The council has clashed with Poplar Harca in the past, with Mayor John Biggs criticising increased car-parking fees in 2016 and backing a protest against the auctioning-off of 50 vacant properties in 2017.
A Poplar Harca spokeswoman said: "We work with the council to help them meet their commitment to homeless households.
"This includes the council buying 94 empty Poplar Harca properties in the last financial year to be used to keep homeless households in the borough."
The council now owns about 12,200 housing assets including houses, flats, bungalows and garages.
In March 2018 there were 22,000 people on the waiting list for social housing and around 2,000 households in temporary accommodation.
According to figures released by national charity Shelter last year, the borough is the 10th worst for homelessness in the UK.
As well as the cost of the properties themselves the accounts reveal that Tower Hamlets paid £227,940 to chartered surveyors Copping Joyce LLP to source properties, value them and negotiate prices.
The council also spent £262,904 for legal advice and services such as Land Registry fees related to the buy-backs.
The spokesman added: "We are also leading players in two pan-London projects aimed at changing the way temporary accommodation is delivered for London's homeless.

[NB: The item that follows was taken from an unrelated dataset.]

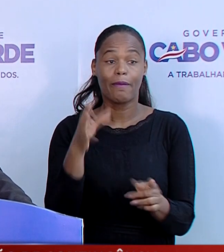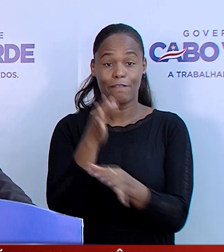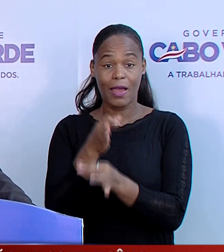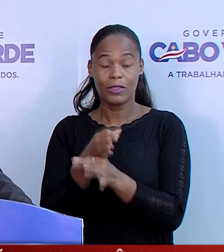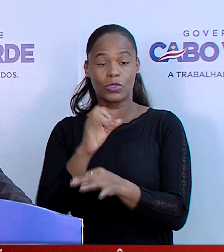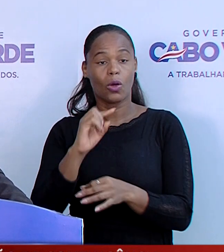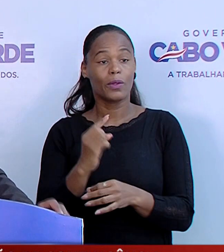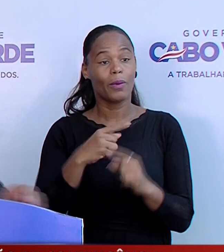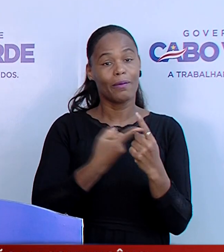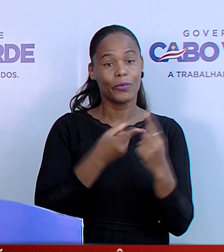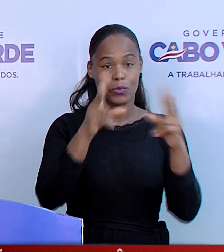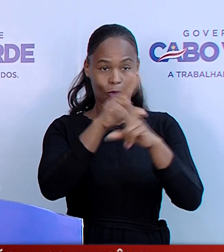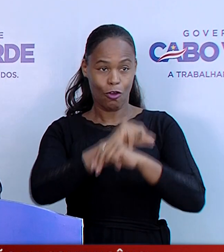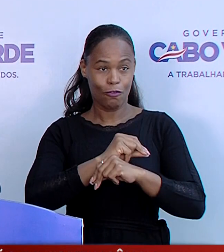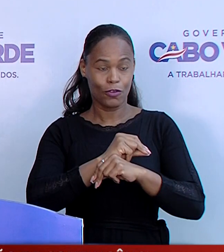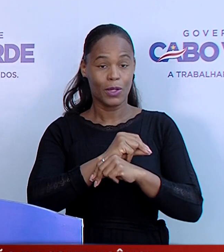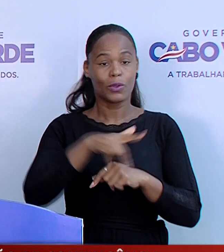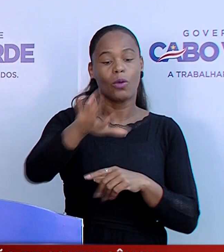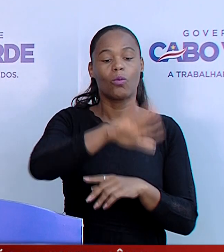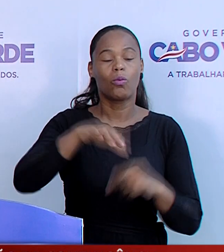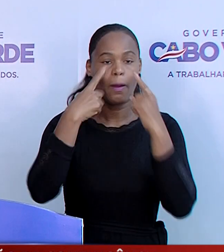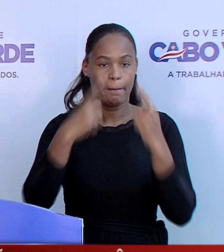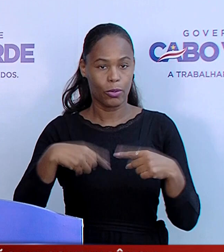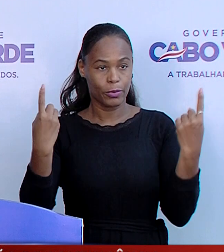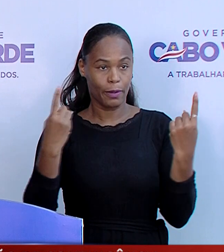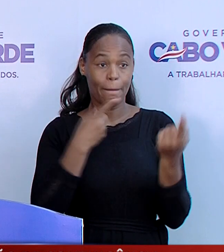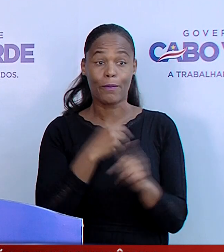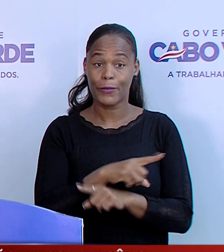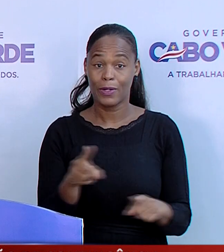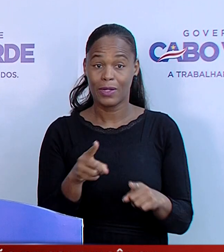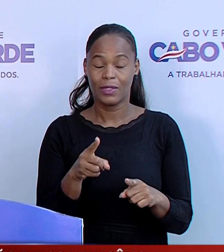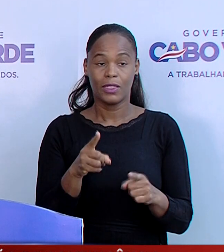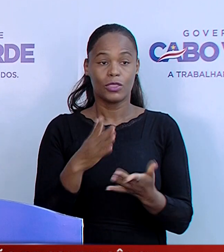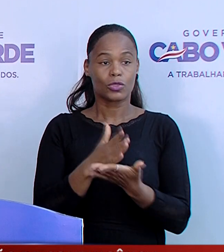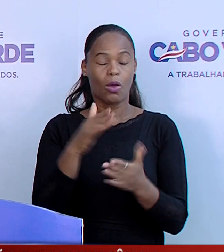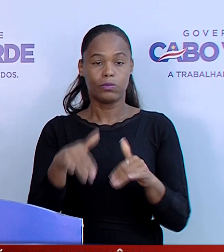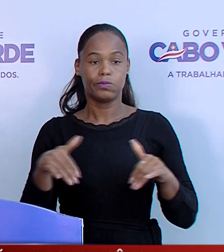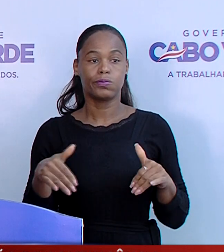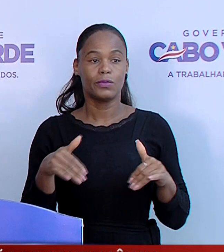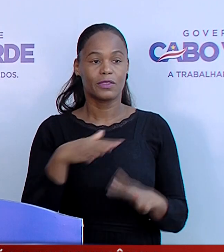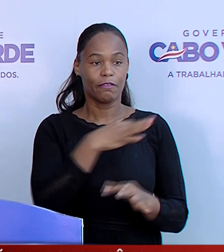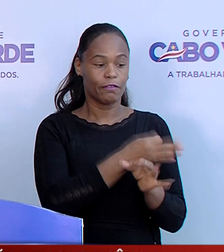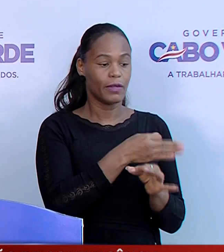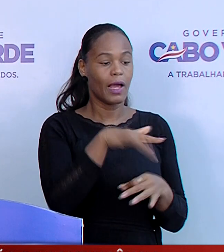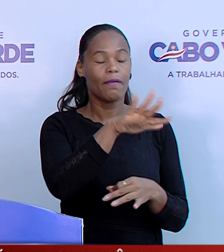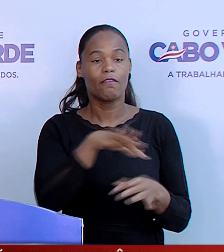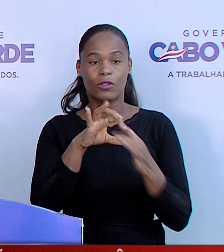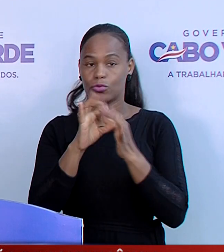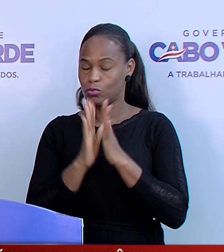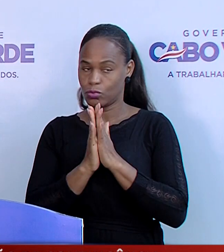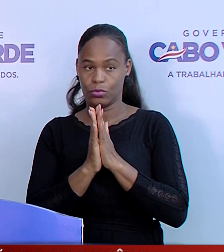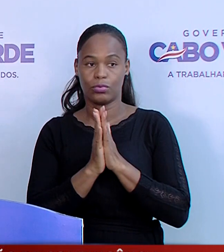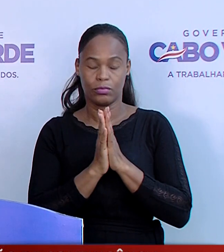celebrações de ano novo em vias públicas, excepcionam-se as celebrações de cariz religioso.
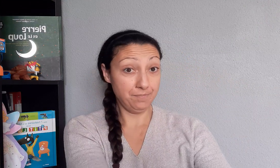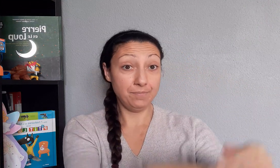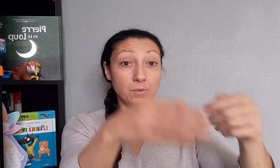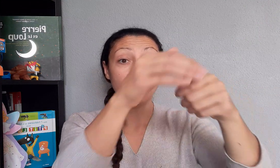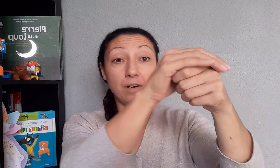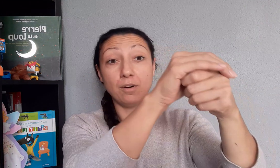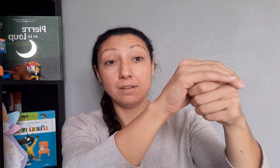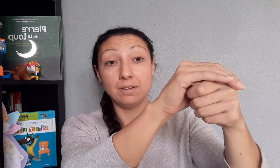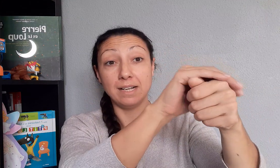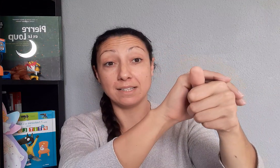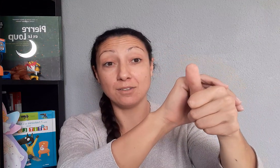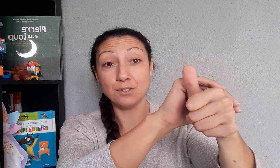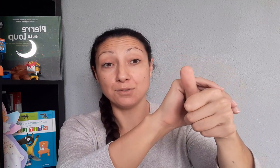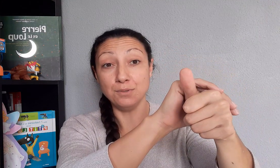Ou alors, la tortue.
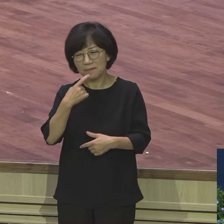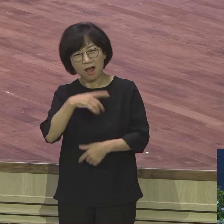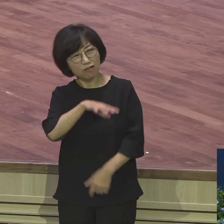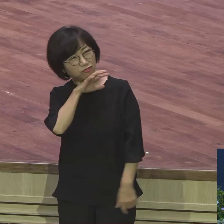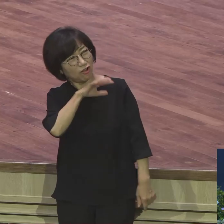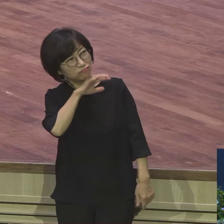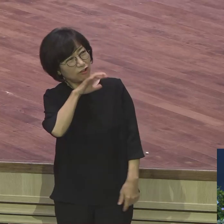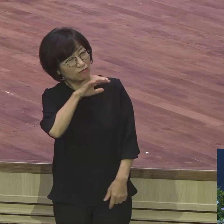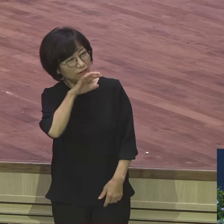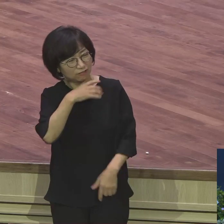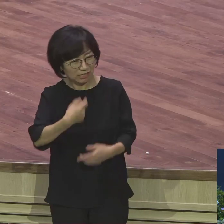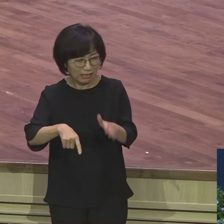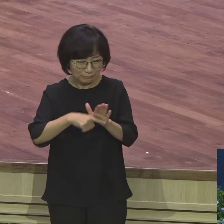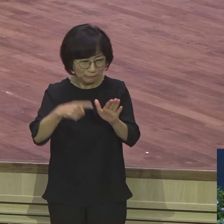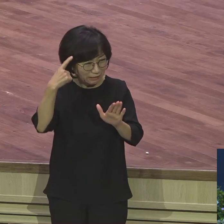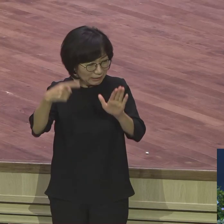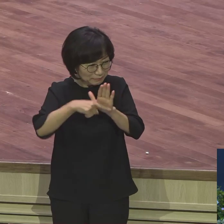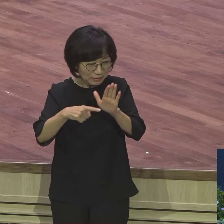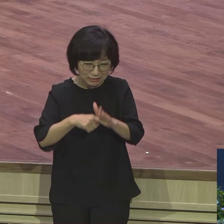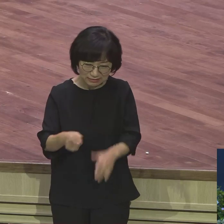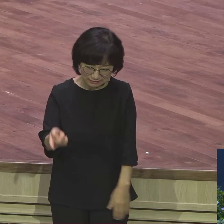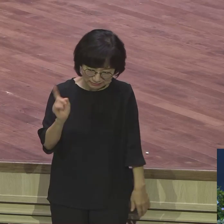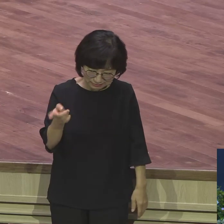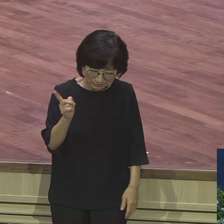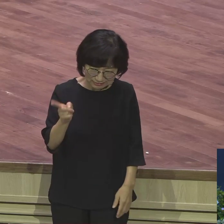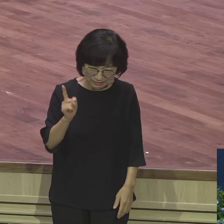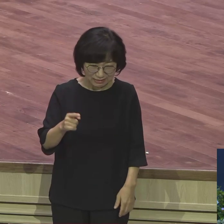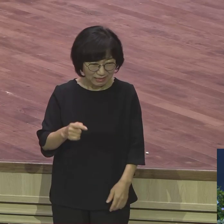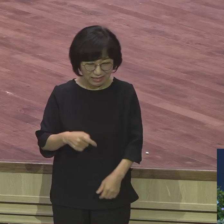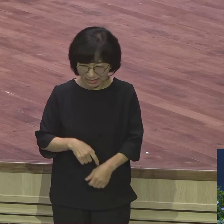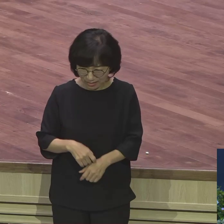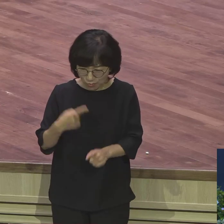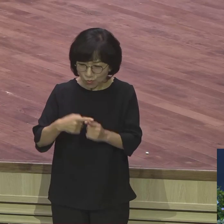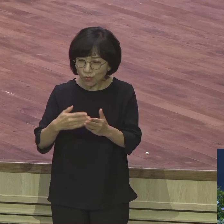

"Capital Letters will lease properties from private owners on behalf of the involved boroughs collectively, delivering a joint and wider-reaching portfolio.
"PLACE will use innovative modular housing units to increase the supply of high quality temporary accommodation for homeless households."
Financial documents related to the buy-backs were obtained under a little-known piece of legislation, the Local Audit and Accountability Act 2014.
The Act, which was extended to journalists in 2017, allows residents to see and make copies of the council's accounts during a 30-day statutory window each year.